» **SOURCE DATA**:
*** Block opens ***
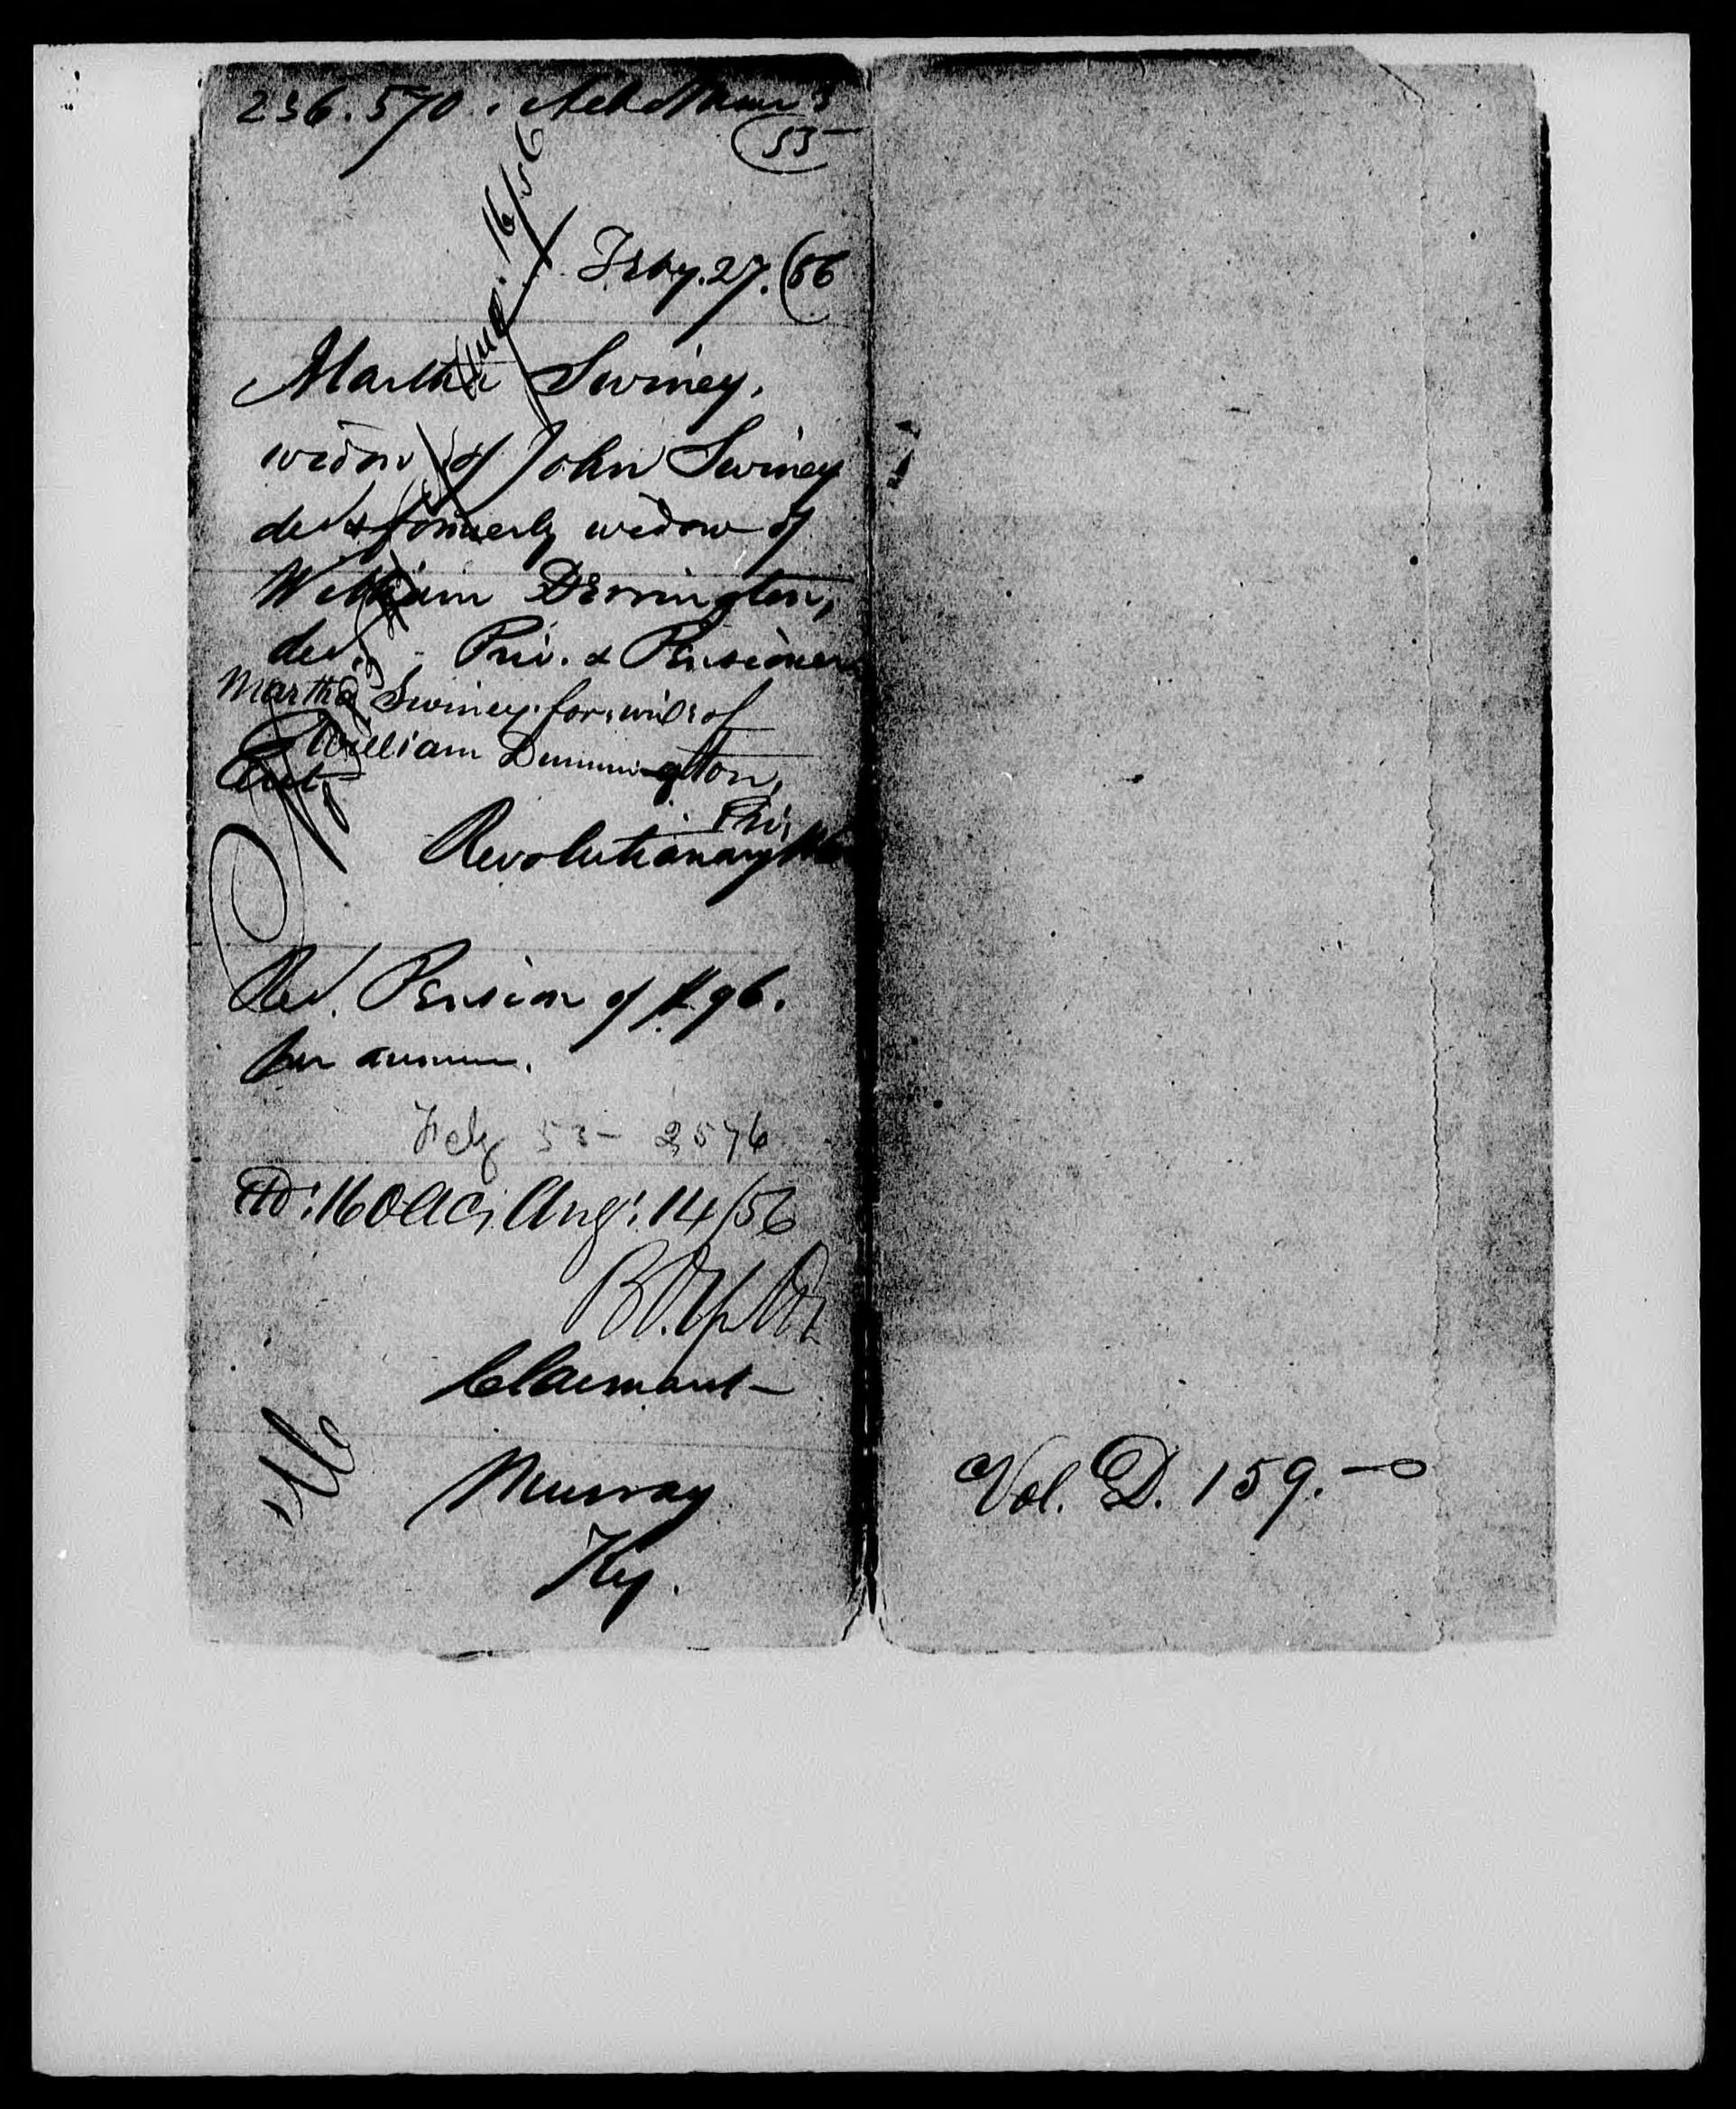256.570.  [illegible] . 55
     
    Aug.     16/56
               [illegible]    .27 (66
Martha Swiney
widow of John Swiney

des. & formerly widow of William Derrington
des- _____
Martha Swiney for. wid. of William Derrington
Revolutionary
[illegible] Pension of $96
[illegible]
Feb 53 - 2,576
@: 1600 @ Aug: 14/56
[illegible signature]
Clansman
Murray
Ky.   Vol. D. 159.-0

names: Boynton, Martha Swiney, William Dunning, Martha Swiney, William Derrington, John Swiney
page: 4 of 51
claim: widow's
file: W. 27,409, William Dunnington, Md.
*** Block closes ***
*** Block opens ***
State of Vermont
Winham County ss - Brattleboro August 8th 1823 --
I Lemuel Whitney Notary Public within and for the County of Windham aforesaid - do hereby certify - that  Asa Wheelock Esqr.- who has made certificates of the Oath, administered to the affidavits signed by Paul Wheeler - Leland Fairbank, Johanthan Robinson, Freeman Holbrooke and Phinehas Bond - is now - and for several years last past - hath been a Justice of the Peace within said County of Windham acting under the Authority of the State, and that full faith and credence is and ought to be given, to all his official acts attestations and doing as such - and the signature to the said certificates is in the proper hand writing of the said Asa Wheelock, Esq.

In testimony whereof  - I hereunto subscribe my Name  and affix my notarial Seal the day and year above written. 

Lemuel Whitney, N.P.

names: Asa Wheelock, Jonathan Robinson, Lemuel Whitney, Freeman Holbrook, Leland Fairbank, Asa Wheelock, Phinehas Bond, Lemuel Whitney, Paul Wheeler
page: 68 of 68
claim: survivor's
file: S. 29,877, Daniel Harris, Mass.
*** Block closes ***
*** Block opens ***
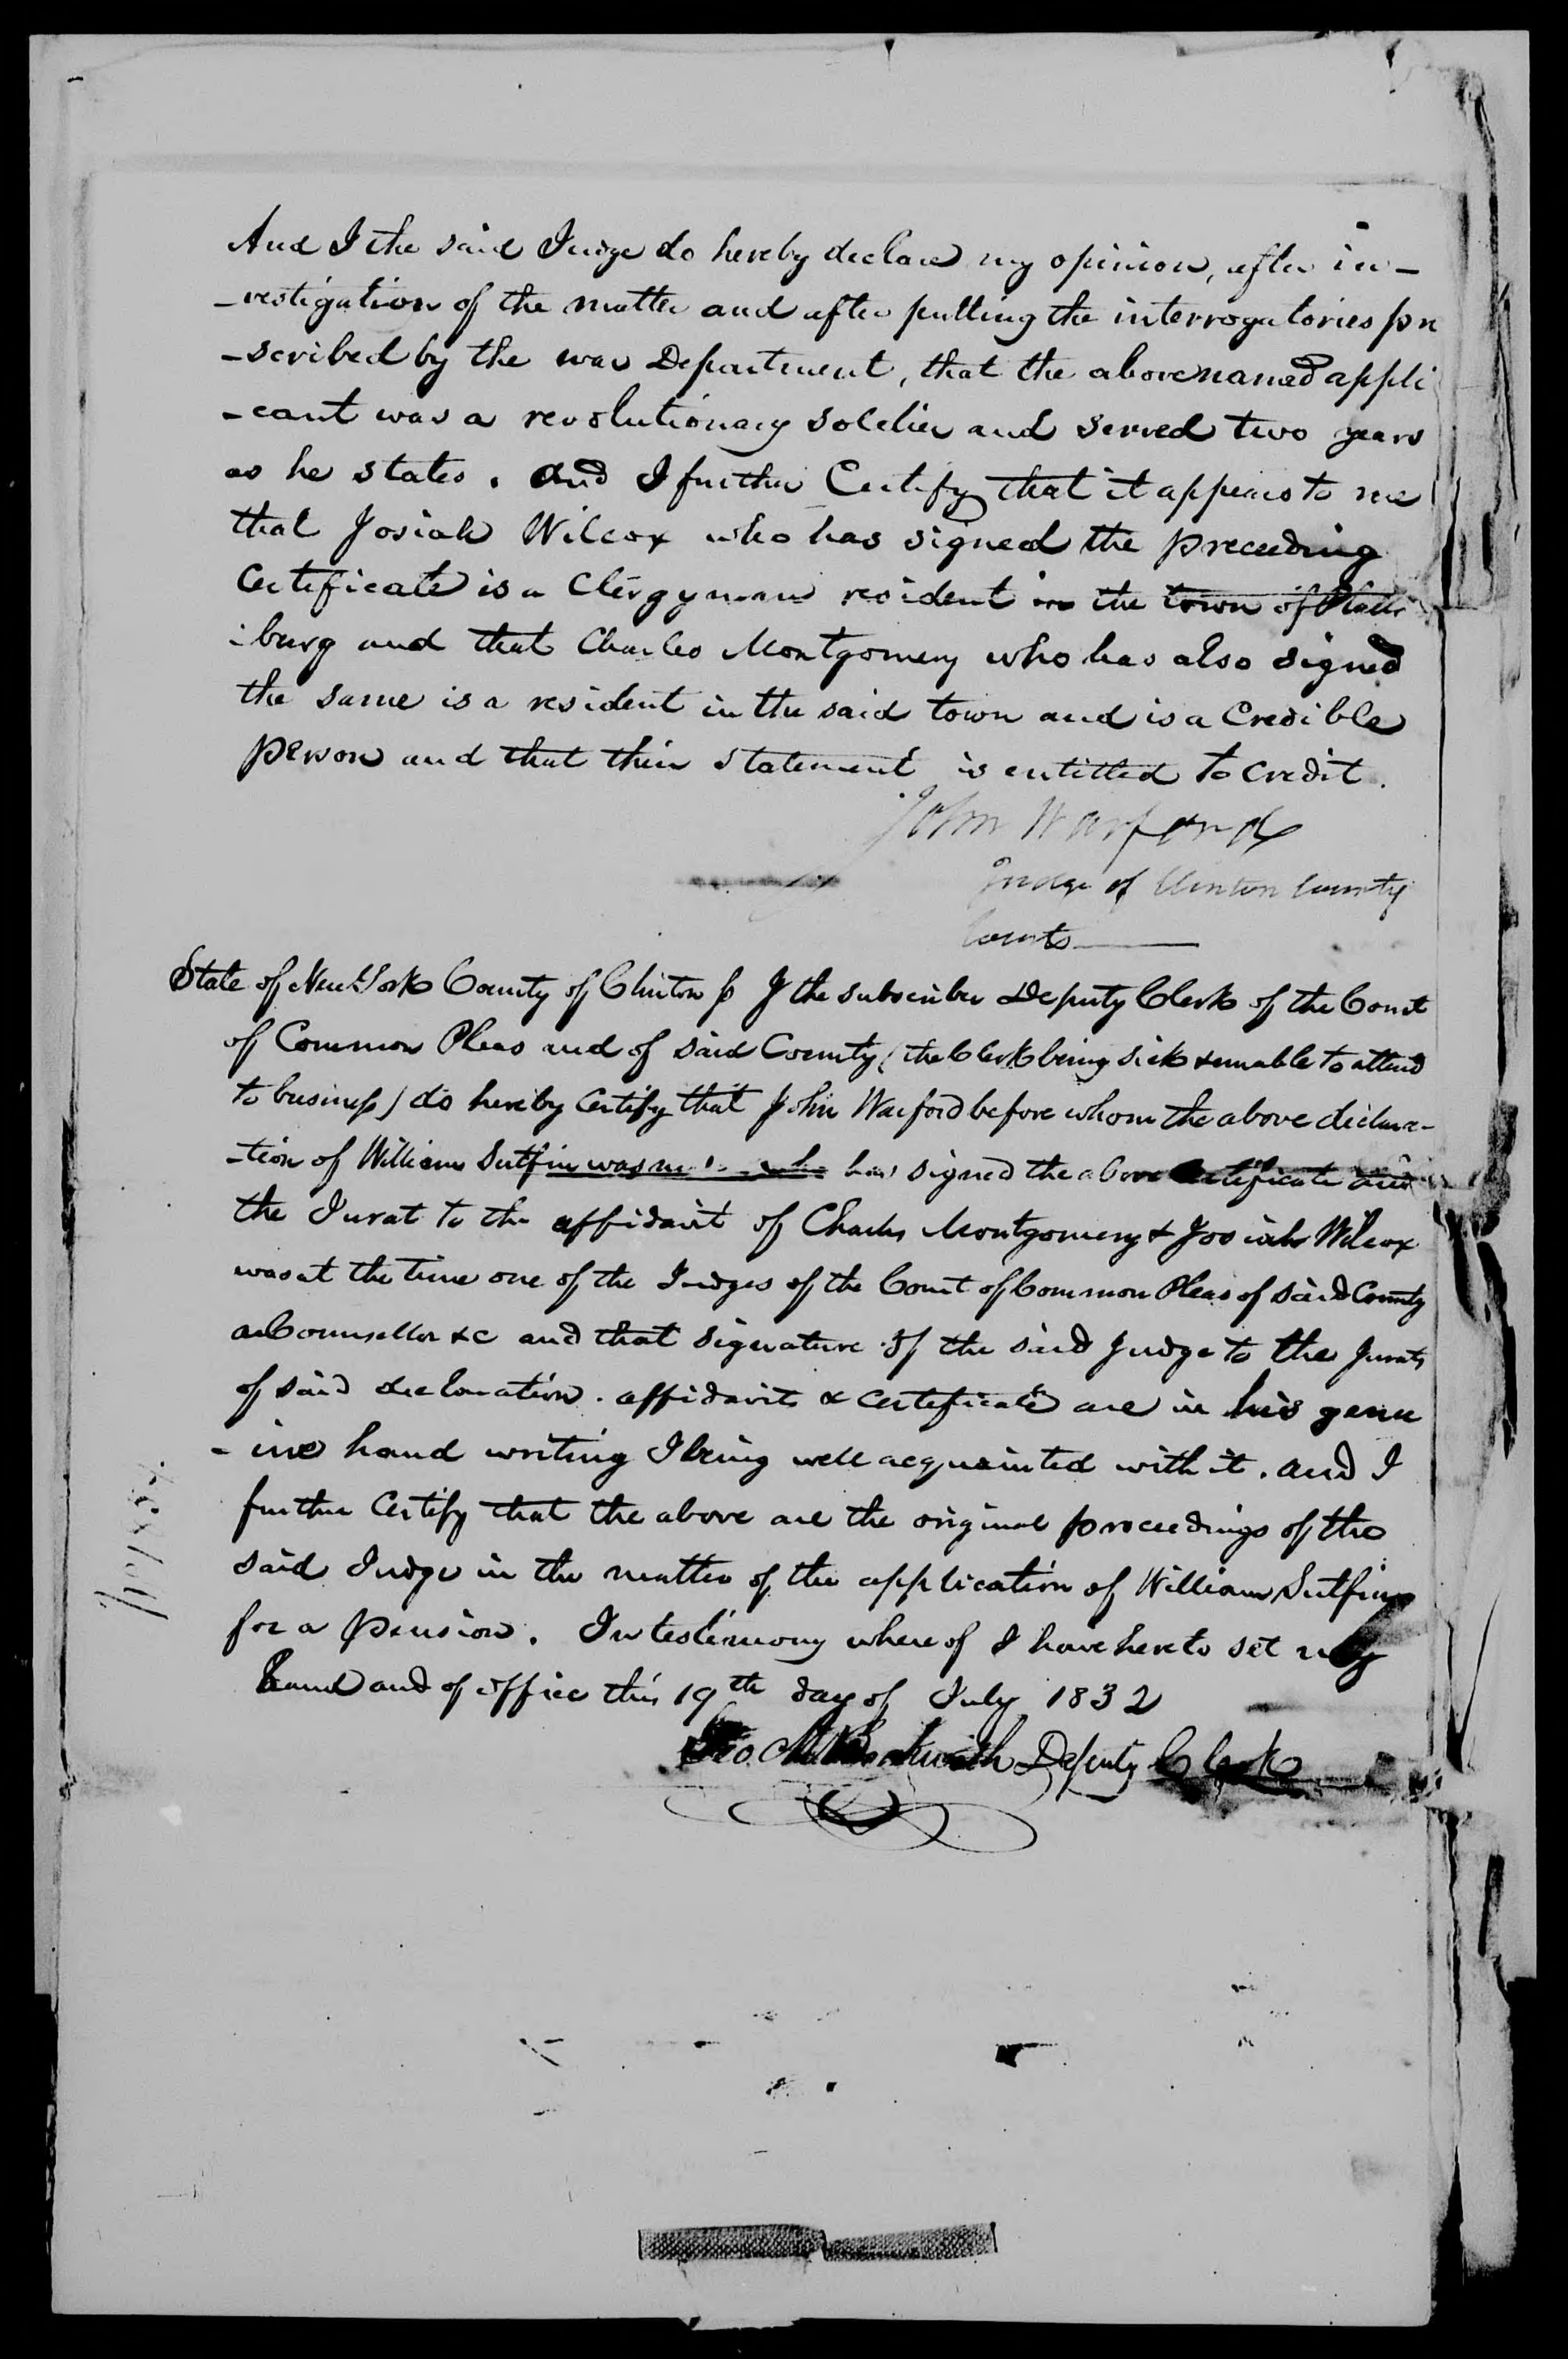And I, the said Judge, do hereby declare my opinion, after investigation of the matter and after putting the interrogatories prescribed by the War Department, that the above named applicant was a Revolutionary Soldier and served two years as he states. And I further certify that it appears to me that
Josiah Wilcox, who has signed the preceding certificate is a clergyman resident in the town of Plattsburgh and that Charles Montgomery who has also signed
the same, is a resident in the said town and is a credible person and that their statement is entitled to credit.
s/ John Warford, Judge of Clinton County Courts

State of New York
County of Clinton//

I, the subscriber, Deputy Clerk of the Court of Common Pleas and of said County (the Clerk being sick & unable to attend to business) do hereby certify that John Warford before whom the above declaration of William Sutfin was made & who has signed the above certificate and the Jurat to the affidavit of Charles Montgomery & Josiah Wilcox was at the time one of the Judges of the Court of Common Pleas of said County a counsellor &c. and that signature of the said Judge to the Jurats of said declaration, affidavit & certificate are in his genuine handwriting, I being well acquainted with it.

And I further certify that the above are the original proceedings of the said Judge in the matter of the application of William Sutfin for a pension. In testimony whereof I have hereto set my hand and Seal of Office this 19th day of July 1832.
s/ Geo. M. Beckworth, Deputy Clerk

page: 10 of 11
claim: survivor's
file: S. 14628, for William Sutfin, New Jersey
*** Block closes ***
» **ASSIGNMENT**: This task calls for the number of lines in the entries that contain the string "resident", with no accompanying text.

» **EXERCISE ANSWER**: 2